ここで大変興味深いのは、この伝説を初めて文章にしてまとめあげた人物が、聖母子像の行列をしよう、と発案した法律家であったことだ。彼の語った伝説が、人々に希望を与えたのは確かであろう。幸運にもこの時には、聖画がサラゴッツァ門についた瞬間、ぴたりと大雨がやんだという。それ以降、疫病流行や戦争や悪天候といった時には、決まって同様の行列が行われるようになった。そして現在では、町の恒例行事になっている。復活祭から数えて6週間後の日曜日に、何十人もの聖職者や信徒たちをひきつれて、飾り立てられた聖母子像が参道を降りてくる。町の人々がそれを、サラゴッツァ門で迎えるのだ。日付は毎年かわるが、だいたい6月に催される。無論、地元のテレビ局は万全の体制で、その様子を完全生中継する。
実をいえば、ボローニャの聖母子像が聖人ルーカの作でないことは、科学的に立証されている。聖人ルーカは紀元後1世紀の人物である。いっぽうで、X線調査の結果、この聖母子像が10〜11世紀に描かれ、さらに12〜13世紀に上描きがなされたものであることが解明されているのだ。しかし、いったい誰がそんなことを気にしようか。15世紀に、あの法律家が伝説を書き上げて以来、この聖母子像はボローニャにとって、絶望の一歩手前で差し伸べられる希望であり続けた。この町の人々が、由来も定かでない一枚の絵に、奇跡の力を与えたのだ。
さらに人々は、聖母により大きな力を与えるため、こんなこともした。
あの長い参道「サン・ルーカのポルティコ」には、666のアーチがある。決して偶然ではない。666は、キリスト教では悪魔を示す不吉な数字。しかも、山腹をぐねぐねと進むポルティコの姿は、まるで悪魔の化身といわれる蛇のようだ。キリスト教の教会では、腕に幼子を抱いた美しい聖母が、素足で蛇を踏みつけている絵を見かけることがよくある。これは、悪の化身である蛇を、聖母子がやっつけている図なのだ。ボローニャの人々はポルティコ、つまり666の数字をもった「蛇」を教会に踏みつけさせることで、教会に、ひいてはこの聖母に、悪を倒す力を与えたのである。

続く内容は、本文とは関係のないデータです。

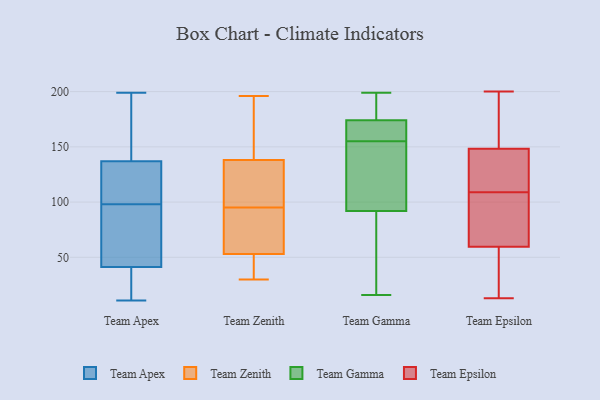
{"axis": {"x": "Satisfaction Score", "y": "Value"}, "legend": ["Team Apex", "Team Epsilon", "Team Gamma", "Team Zenith"], "data": [{"x": "", "y": 142, "type": "Team Apex"}, {"x": "", "y": 11, "type": "Team Apex"}, {"x": "", "y": 122, "type": "Team Apex"}, {"x": "", "y": 199, "type": "Team Apex"}, {"x": "", "y": 53, "type": "Team Apex"}, {"x": "", "y": 24, "type": "Team Apex"}, {"x": "", "y": 42, "type": "Team Apex"}, {"x": "", "y": 98, "type": "Team Apex"}, {"x": "", "y": 101, "type": "Team Apex"}, {"x": "", "y": 167, "type": "Team Apex"}, {"x": "", "y": 41, "type": "Team Apex"}, {"x": "", "y": 131, "type": "Team Zenith"}, {"x": "", "y": 87, "type": "Team Zenith"}, {"x": "", "y": 136, "type": "Team Zenith"}, {"x": "", "y": 53, "type": "Team Zenith"}, {"x": "", "y": 84, "type": "Team Zenith"}, {"x": "", "y": 160, "type": "Team Zenith"}, {"x": "", "y": 135, "type": "Team Zenith"}, {"x": "", "y": 56, "type": "Team Zenith"}, {"x": "", "y": 196, "type": "Team Zenith"}, {"x": "", "y": 51, "type": "Team Zenith"}, {"x": "", "y": 44, "type": "Team Zenith"}, {"x": "", "y": 140, "type": "Team Zenith"}, {"x": "", "y": 193, "type": "Team Zenith"}, {"x": "", "y": 153, "type": "Team Zenith"}, {"x": "", "y": 43, "type": "Team Zenith"}, {"x": "", "y": 53, "type": "Team Zenith"}, {"x": "", "y": 103, "type": "Team Zenith"}, {"x": "", "y": 30, "type": "Team Zenith"}, {"x": "", "y": 111, "type": "Team Zenith"}, {"x": "", "y": 61, "type": "Team Zenith"}, {"x": "", "y": 172, "type": "Team Gamma"}, {"x": "", "y": 199, "type": "Team Gamma"}, {"x": "", "y": 103, "type": "Team Gamma"}, {"x": "", "y": 155, "type": "Team Gamma"}, {"x": "", "y": 160, "type": "Team Gamma"}, {"x": "", "y": 55, "type": "Team Gamma"}, {"x": "", "y": 16, "type": "Team Gamma"}, {"x": "", "y": 103, "type": "Team Gamma"}, {"x": "", "y": 89, "type": "Team Gamma"}, {"x": "", "y": 158, "type": "Team Gamma"}, {"x": "", "y": 180, "type": "Team Gamma"}, {"x": "", "y": 189, "type": "Team Gamma"}, {"x": "", "y": 93, "type": "Team Gamma"}, {"x": "", "y": 131, "type": "Team Epsilon"}, {"x": "", "y": 140, "type": "Team Epsilon"}, {"x": "", "y": 151, "type": "Team Epsilon"}, {"x": "", "y": 67, "type": "Team Epsilon"}, {"x": "", "y": 31, "type": "Team Epsilon"}, {"x": "", "y": 122, "type": "Team Epsilon"}, {"x": "", "y": 154, "type": "Team Epsilon"}, {"x": "", "y": 13, "type": "Team Epsilon"}, {"x": "", "y": 174, "type": "Team Epsilon"}, {"x": "", "y": 171, "type": "Team Epsilon"}, {"x": "", "y": 54, "type": "Team Epsilon"}, {"x": "", "y": 57, "type": "Team Epsilon"}, {"x": "", "y": 102, "type": "Team Epsilon"}, {"x": "", "y": 78, "type": "Team Epsilon"}, {"x": "", "y": 200, "type": "Team Epsilon"}, {"x": "", "y": 84, "type": "Team Epsilon"}, {"x": "", "y": 15, "type": "Team Epsilon"}, {"x": "", "y": 109, "type": "Team Epsilon"}, {"x": "", "y": 114, "type": "Team Epsilon"}]}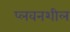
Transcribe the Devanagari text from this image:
प्लवनशील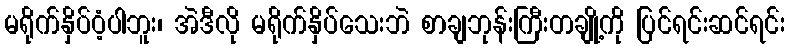
မရိုက်နှိပ်ဝံ့ပါဘူး၊ အဲဒီလို မရိုက်နှိပ်သေးဘဲ စာချဘုန်းကြီးတချို့ကို ပြင်ရင်းဆင်ရင်း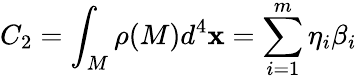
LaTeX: C_{2}=\int_{M}\rho(M)d^{4}\mathbf{x}=\sum_{i=1}^{m}\eta_{i}\beta_{i}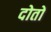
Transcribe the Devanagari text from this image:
दोतों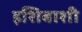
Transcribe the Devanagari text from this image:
इशिबाशी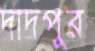
দাদপুর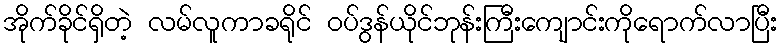
အိုက်ခိုင်ရှိတဲ့ လမ်လူကာခရိုင် ဝပ်ဒွန်ယိုင်ဘုန်းကြီးကျောင်းကိုရောက်လာပြီး

ボローニャの町のどこからでも眺めることのできるサン・ルーカ。ああ、確かに。再び仰ぎ見てみれば、裾のひろがったドレスをきた女性のようにも見えるではないか。それは、人々の生活を見守る強き母の姿なのだ。
【インフォメーション】
サン・ルーカの聖母の教会
(Santuario della Madonna di San Luca)
11月~2月 6:45-17:00
3月 6:45-18:00
4月~9月 6:45-19:00
10月 6:45-18:00
*平日は 12:30-14:30 閉鎖されます。
サイト:http://www.sanlucabo.org/
サン・ルーカの聖母博物館
(Museo della Beata Vergine di San Luca)
住所:Piazza di Porta Saragozza 2/a 40123 Bologna
Tel:051 6447421/Fax:051 6440975
サイト:http://www.museomadonnasanluca.it/
火~土 9:00-13:00
木 9:00-18:00
日 10:00―18:00
*2010年1月現在、入場無料
【参考資料】
- Alessandra Cleri, Guida di Portico di San Luca del Meloncello al Santuario, EDITRICE COMPOSITORI, 2008.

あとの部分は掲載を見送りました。